Sunday, December 24, 2017

A child is born 24: Birth and rebirth

If you've missed any of these posts and want to read them click on the Advent 17 link (also in the right hand sidebar) and you should get the whole series.

To all who received him, who believed in his name he gave power to become children of God, who were born, not of blood, or of the will of the flesh or of human will, but of God.

We have heard 23 stories of physical births in the Bible, but we will finish with an equally important spiritual birth, the new birth God promises to everyone who is open to receive it.

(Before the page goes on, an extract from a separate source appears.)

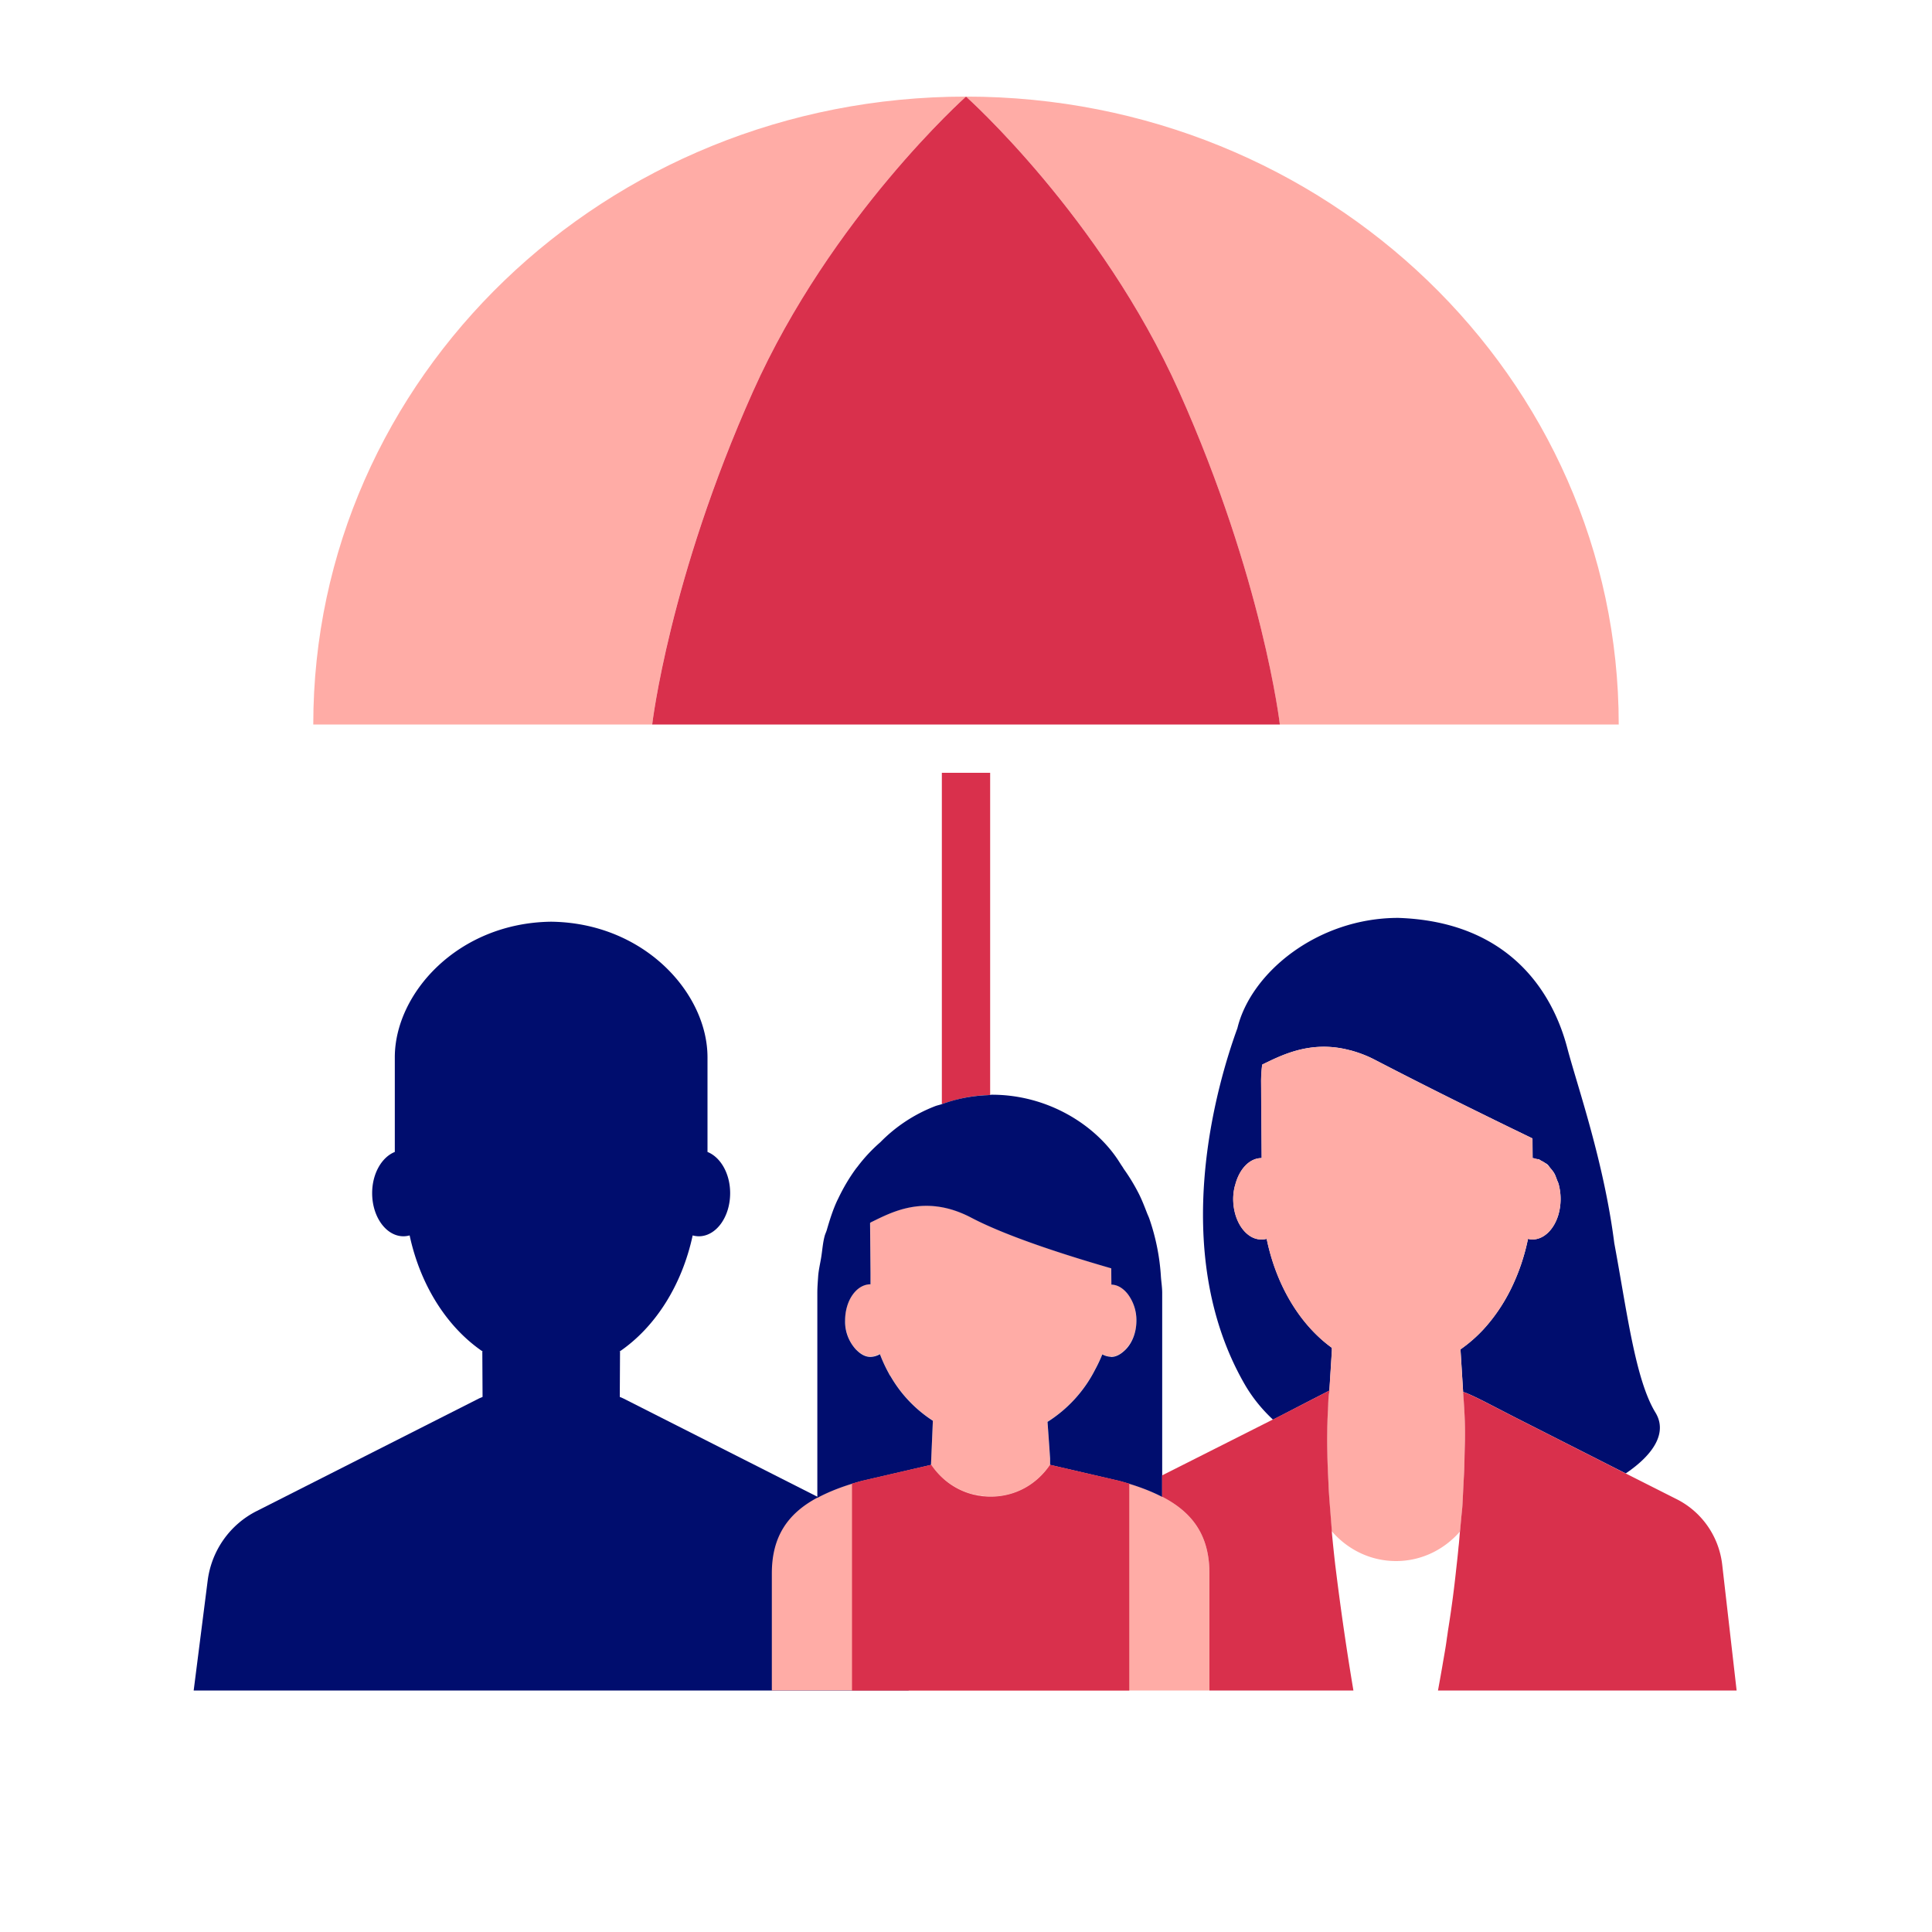 <svg version="1.1" xmlns="http://www.w3.org/2000/svg" x="0px" y="0px" viewBox="0 0 40 40" xml:space="preserve" focusable="false" aria-hidden="true" enable-background="new 0 0 40 40"><path fill="none" d="M0 0h40v40H0z"/><g><path d="M18.523 32.722c-.08-.62-.46-1.16-1.02-1.44l-4.6-2.33-.07-.03h-.001l.005-.938h-.012c.738-.502 1.293-1.369 1.516-2.406a.5.5 0 0 0 .127.018c.359 0 .649-.4.649-.893 0-.406-.199-.745-.469-.853v-1.959c0-1.328-1.31-2.785-3.237-2.808-1.927.023-3.237 1.48-3.237 2.808v1.959c-.27.108-.469.447-.469.853 0 .493.291.893.649.893a.5.5 0 0 0 .127-.018c.223 1.037.777 1.904 1.516 2.406h-.011l.005.938H9.99l-.07.03-4.6 2.33c-.56.28-.94.82-1.02 1.44L4.01 35h14.803z" fill="#000D6E"/><path d="M25.04 35v-2.423c0-.785-.347-1.262-.979-1.589a4.4 4.4 0 0 0-.891-.331l-1.429-.332-.001.001c-.27.399-.711.66-1.23.66-.087 0-.169-.018-.251-.032-.049-.008-.099-.012-.146-.025a1.5 1.5 0 0 1-.27-.107q-.036-.017-.07-.037a1.5 1.5 0 0 1-.495-.461h-.002l-1.426.331q-.538.143-.927.352c-.608.326-.943.799-.943 1.568V35z" fill="#FFACA6"/><path fill="none" d="m27.522 28.814-.001.008.001-.001zM30.236 27.937l.054.867h-.001l.001.008.001.009.001.001.001.009c.004.035.015.155.028.348.017.31.024.83-.012 1.556.04-.72.033-1.24.016-1.554 0-.09-.01-.17-.02-.23 0-.05 0-.09-.01-.12v-.024l-.004-.002zM31.728 23.976a.4.4 0 0 1 .179.054c-.02-.01-.037-.027-.058-.034-.007-.002-.013.005-.02.01-.034-.009-.065-.029-.101-.03l-.003-.408-.224-.109-.24-.116.464.225zM32.278 24.556l-.008-.036-.003-.008zM31.723 25.662c.243 0 .452-.212.541-.515-.089.303-.298.515-.541.515M30.713 27.521c.441-.477.768-1.128.921-1.872-.154.744-.48 1.395-.921 1.872M32.232 24.424c-.015-.04-.027-.082-.047-.118l-.019-.033q-.005-.007-.012-.015a1 1 0 0 1 .078.166M27.575 31.73l.002-.002-.002-.002zM27.644 32.396l.022.176zM27.546 31.359l-.021-.289zM30.153 32.525q-.065.564-.163 1.22c.071-.442.123-.844.163-1.22M30.285 31.19q.015-.03 0-.06l.007-.114c-.009.145-.021.302-.034.462.007-.093.023-.2.027-.288M25.561 24.568l-.008.035q-.02.103-.022.214c0-.098.017-.19.039-.278q-.005.015-.009.029M27.973 21.749l-.062-.015zM32.093 24.18c-.019-.023-.034-.05-.055-.07l-.018-.014c-.01-.008-.021-.011-.031-.018a.6.6 0 0 1 .104.102M27.482 29.505l.002-.071zM27.515 28.86a2 2 0 0 0-.018.257 9 9 0 0 1 .024-.295c-.001.009 0 .012-.006.038M26.118 25.662a.411.411 0 0 1 0 0"/><path d="m27.576 31.729-.002-.018v.016zM24.409 8.103c1.739 3.883 2.088 6.896 2.088 6.897h7.017c0-7.18-6.051-13-13.514-13 .001.001 2.79 2.486 4.409 6.103M15.591 8.103C17.21 4.486 19.998 2.002 20 2 12.536 2 6.486 7.82 6.486 15h7.017c-.001-.001.349-3.015 2.088-6.897" fill="#FFACA6"/><path d="M15.591 8.103c-1.738 3.883-2.088 6.896-2.088 6.897h12.995c0-.001-.35-3.015-2.088-6.897C22.79 4.486 20.001 2.001 20 2c-.002.002-2.79 2.486-4.409 6.103" fill="#D9304C"/><path d="M23.004 28.091c.103 0 .194-.054.275-.128-.081.074-.172.128-.277.128zM19.843 30.823l-.07-.037q.034.02.07.037M23.352 26.792c-.091-.119-.209-.197-.342-.199l-.003-.337-.002-.001.004.34c.133.001.251.079.343.197M20.259 30.956c-.049-.008-.099-.012-.146-.025.047.013.097.016.146.025M18.024 28.09c-.11 0-.206-.059-.289-.141.083.082.178.142.287.142q.106-.002.198-.057l-.001-.003a.4.4 0 0 1-.195.059M18.02 25.639l-.002-.322-.003.003.003.319v.007l.006.71-.004-.712z" fill="none"/><path d="M21.74 30.278v-.085l-.015-.225-.038-.533q.178-.11.339-.25c.261-.224.477-.506.644-.827.054-.104.108-.208.151-.32a.4.4 0 0 0 .168.049q.006.002.011.003h.001c.104 0 .195-.054.277-.128a.84.84 0 0 0 .249-.623c0-.217-.07-.41-.176-.547-.092-.118-.21-.197-.342-.197l-.004-.34c-.674-.195-2.07-.613-2.896-1.048-.968-.508-1.667-.101-2.081.097l-.011.011.002.322v.005l.004.712v.232c-.146 0-.278.085-.373.221a.93.93 0 0 0-.153.53c0 .254.094.468.229.604l.007.006c.083.082.179.141.289.141a.4.4 0 0 0 .195-.06q.078.21.183.398.005.012.012.025l.029.043c.222.379.521.694.873.916l-.038.893-.001.021h.002a1.5 1.5 0 0 0 .835.605c.047.013.097.017.146.025.082.014.164.032.251.032.519 0 .96-.261 1.23-.66v-.048z" fill="#FFACA6"/><path d="M20.5 22.669V16h-1v6.859c.299-.104.616-.177.955-.186q.023 0 .045-.004" fill="#D9304C"/><path d="M24.036 26.437a4.5 4.5 0 0 0-.24-1.205c-.014-.04-.032-.075-.047-.114-.056-.144-.111-.288-.18-.421a4 4 0 0 0-.304-.498q-.021-.037-.047-.073l-.053-.083c-.486-.757-1.475-1.378-2.627-1.378q-.019 0-.038.004l-.045.005a3.1 3.1 0 0 0-.955.186c-.049.017-.101.026-.149.046a3.2 3.2 0 0 0-1.125.743 3.3 3.3 0 0 0-.469.502l-.033.041q-.207.282-.367.617l-.022.044c-.089.19-.155.398-.216.609-.012.043-.032.08-.044.123l-.006.023c-.034.133-.044.278-.066.417s-.056.271-.065.415c-.007.107-.016.213-.016.322v4.25c.261-.14.567-.256.927-.352l1.426-.331h.001v-.021l.038-.893a2.7 2.7 0 0 1-.873-.916l-.029-.043q-.005-.012-.012-.025a3 3 0 0 1-.182-.395.4.4 0 0 1-.198.057c-.109 0-.204-.059-.287-.142l-.007-.006a.85.85 0 0 1-.229-.604c0-.206.058-.394.153-.53s.226-.221.373-.221v-.232l-.006-.71v-.007l-.003-.319.003-.003.011-.011c.414-.198 1.113-.605 2.081-.097.826.434 2.222.853 2.896 1.048l.002.001.003.337c.133.002.25.081.342.199a.9.9 0 0 1 .176.547c0 .266-.102.49-.249.623-.081.074-.172.128-.275.128l-.002-.001h-.001q-.006-.002-.011-.003a.4.4 0 0 1-.168-.049 3 3 0 0 1-.151.32 2.75 2.75 0 0 1-.983 1.077l.038.533.015.225v.12l.001.013 1.429.332q.513.136.891.331V26.76c-.001-.111-.018-.215-.026-.323" fill="#000D6E"/><path d="m27.522 28.804-.001.007q-.001.01-.004.023h.003l.001-.013.001-.001v-.006l.002-.014-.002.001zM25.553 24.603q-.02.103-.022.214c0-.098.017-.19.039-.278q-.005.014-.01.028zM27.524 28.79l.051-.827zM27.91 21.734l.063.015zM31.829 24.007c-.034-.009-.065-.03-.101-.03l-.003-.408-.224-.109-.24-.116.464.225.003.408a.4.4 0 0 1 .179.054c-.02-.01-.037-.027-.058-.034-.006-.003-.013.004-.02.01M33.488 30.42l.059.03-.231-.117zM32.186 24.306l-.019-.033q-.005-.007-.012-.015.045.077.078.167v-.001c-.016-.04-.028-.082-.047-.118M32.27 24.52l-.003-.008.011.045zM30.236 27.937l.054.867v.006-.006zM32.038 24.11l-.018-.014c-.01-.008-.021-.011-.031-.018a.6.6 0 0 1 .105.102c-.02-.023-.035-.051-.056-.07" fill="none"/><path d="m27.153 28.981.37-.19h.001l.052-.828-.001-.059c-.657-.476-1.15-1.287-1.349-2.256a.4.4 0 0 1-.106.015.44.44 0 0 1-.228-.066c-.211-.128-.359-.428-.359-.777v-.002q.001-.11.022-.214l.008-.035q.004-.014.01-.028c.081-.327.292-.564.548-.564h.002l-.012-1.596a2 2 0 0 1 .005-.148 2 2 0 0 1 .018-.192c.386-.186.984-.505 1.779-.306l.062.015c.157.044.319.102.491.192a110.798 110.798 0 0 0 1.842.933c.366.181.701.345.957.47l.24.116.224.109.003.408c.036 0 .067.021.101.03.007-.005.013-.012.02-.01.021.007.038.024.058.034a1 1 0 0 1 .081.047c.01.007.021.01.031.018l.018.014c.021.019.036.047.055.07.021.025.043.048.061.077q.007.007.012.015l.019.033c.019.036.031.078.047.118v.001c.011.03.026.055.034.087l.003.008.008.036a1.2 1.2 0 0 1-.014.591c-.089.303-.298.515-.541.515a.4.4 0 0 1-.089-.013 4.3 4.3 0 0 1-.353 1.036 3.6 3.6 0 0 1-.568.836 3 3 0 0 1-.477.416l.054.867v.015h.001v-.001l.003.001h.008l.001.003.052.018c.224.094.441.211.657.322l.365.188 1.939.983.231.117.101.05.01.005c.584-.395.865-.849.614-1.26-.418-.684-.591-2.105-.852-3.507-.217-1.703-.769-3.263-.975-4.047-.314-1.193-1.24-2.612-3.498-2.687-1.668 0-3.051 1.13-3.33 2.284-.41 1.123-1.448 4.585.146 7.364.165.287.366.53.591.74l.082-.041zM27.523 28.801v-.003z" fill="#000D6E"/><path fill="#94E3D4" d="m30.295 28.82.008.002-.001-.003z"/><path d="M30.251 31.469q.014-.137.026-.274l.003-.043.021-.428.006-.115c.014-.217.013-.438.021-.656a8 8 0 0 0-.004-.638c-.002-.038-.012-.278-.032-.495h-.001v-.009l-.001-.006h.001l-.054-.867q.256-.177.477-.416.332-.36.568-.836c.156-.315.276-.664.353-1.036.029.006.059.013.089.013.243 0 .452-.212.541-.515a1.16 1.16 0 0 0 .003-.636c-.009-.032-.023-.057-.034-.087a1 1 0 0 0-.078-.167q-.029-.041-.061-.077a.6.6 0 0 0-.105-.102.4.4 0 0 0-.081-.047.4.4 0 0 0-.179-.054l-.003-.408-.464-.225c-.256-.125-.591-.289-.957-.47a111 111 0 0 1-1.842-.933 2.5 2.5 0 0 0-.491-.192l-.063-.015c-.795-.198-1.393.12-1.779.306a3.274 3.274 0 0 0-.023.34l.012 1.596h-.002c-.255 0-.467.237-.548.564a1.1 1.1 0 0 0-.039.278v.002c0 .349.148.649.359.777a.43.43 0 0 0 .334.051c.199.97.693 1.781 1.349 2.256l.001.059-.052.828h.001l-.001.009v.002l.002-.001-.002.014v.006l-.001.001-.001.013h-.003l-.003.015a2 2 0 0 0-.018.257c-.001.029-.003.051-.003.083a10 10 0 0 0-.013.304c-.002.057-.002.122-.003.187q-.001.175.002.387l.002.111q.006.22.019.475l.003.066q.007.164.02.341l.021.289.028.339v.011c.324.376.797.619 1.332.619.53 0 .998-.24 1.322-.61l.002-.018a5 5 0 0 0 .023-.223" fill="#FFACA6"/><path d="M30.146 32.515c-.04.376-.092.778-.163 1.22-.01.061-.015.113-.026.175-.022.179-.06.378-.092.568-.013.078-.052.298-.093.522h6.183l-.299-2.61c-.07-.59-.43-1.1-.96-1.36l-1.04-.525-.01-.005-.101-.05-.059-.03-.171-.087-1.939-.983-.365-.188c-.216-.111-.433-.228-.657-.322l-.052-.018-.008-.003-.003-.001v.001c.019.217.03.457.032.495q.015.319.004.638c-.007.218-.007.439-.021.656l-.006.115q-.01.215-.021.428l-.003.043c-.007.092-.019.183-.026.274l-.021.222-.002.018c-.011.107-.015.204-.03.321-.013.153-.033.323-.051.486M27.574 31.688l-.049-.628c-.008-.116-.017-.233-.02-.341l-.003-.066q-.013-.256-.019-.475l-.002-.111q-.004-.211-.002-.387c.001-.064.001-.13.003-.187l.002-.071q.004-.13.011-.233c0-.032.002-.055.003-.083.003-.115.01-.209.018-.257l.003-.015.004-.023.001-.007.001-.003v-.002l.001-.009h-.002l-.37.19-.719.369-.082.041-2.294 1.157v.44l.002.001c.632.327.979.803.979 1.589V35h2.981a58 58 0 0 1-.356-2.438l-.022-.176-.001-.01a32 32 0 0 1-.068-.655v-.033M23.38 35v-4.283l-.21-.06-1.43-.33c-.27.4-.71.66-1.23.66s-.96-.26-1.23-.66l-1.43.33-.21.06V35z" fill="#D9304C"/></g></svg>

The famous prologue to John’s Gospel, “In the beginning was the Word, and the Word was with God, and the Word was God…”  functions a bit like a birth story. It sets the scene for Jesus’ adult ministry, just as the shepherds and wise men do in Luke and Matthew’s accounts. At the heart of John’s message is the good news that God in Christ comes to dwell with us. In the birth of Christ to Mary, we find new birth too. We are ' given power to become God's ' children. We can learn to live as part of his family, as we were always meant to, at home with him, sharing in his life.

It isn’t a new idea. Back in the Old Testament book of Deuteronomy, the people of Israel were told by Moses that “you were unmindful of the Rock that bore you, you forgot the God who gave you birth.”  (Deut 32.18) We were always God’s children, right from the beginning, and God longs for us to remember this, living the life of love and peace which he intended for us. “Beloved, let us love one another, because love is from God; everyone who loves is born of God and knows God.” (1 John 4.7). As we follow Jesus, says the New Testament, we can rediscover our original sonship and daughtership, draw close again to God with confidence, and learn to live out the “family likeness.” That’s what John means when he says that we need to be “born again”.(John 3.16)  We are born again in Christ, and he is  born again in us.

·         In what way would you like to be “born again”, have a fresh start, this Christmas?

·         Do you feel that you are part of the family of God, his beloved daughter or son? If not, what stops you feeling like that, and what can you do about it? (I am always happy to listen if you want to talk!)

·         Pray for yourself, that you will find the “new birth” you need this Christmas.

      I hope you've enjoyed this series on Biblical births. Here is a poem I wrote many years ago to accompany the gifts I gave my friends. It seemed an appropriate way to end this series. 


What gift?
A poem written to accompany my inadequate Christmas presents to my friends.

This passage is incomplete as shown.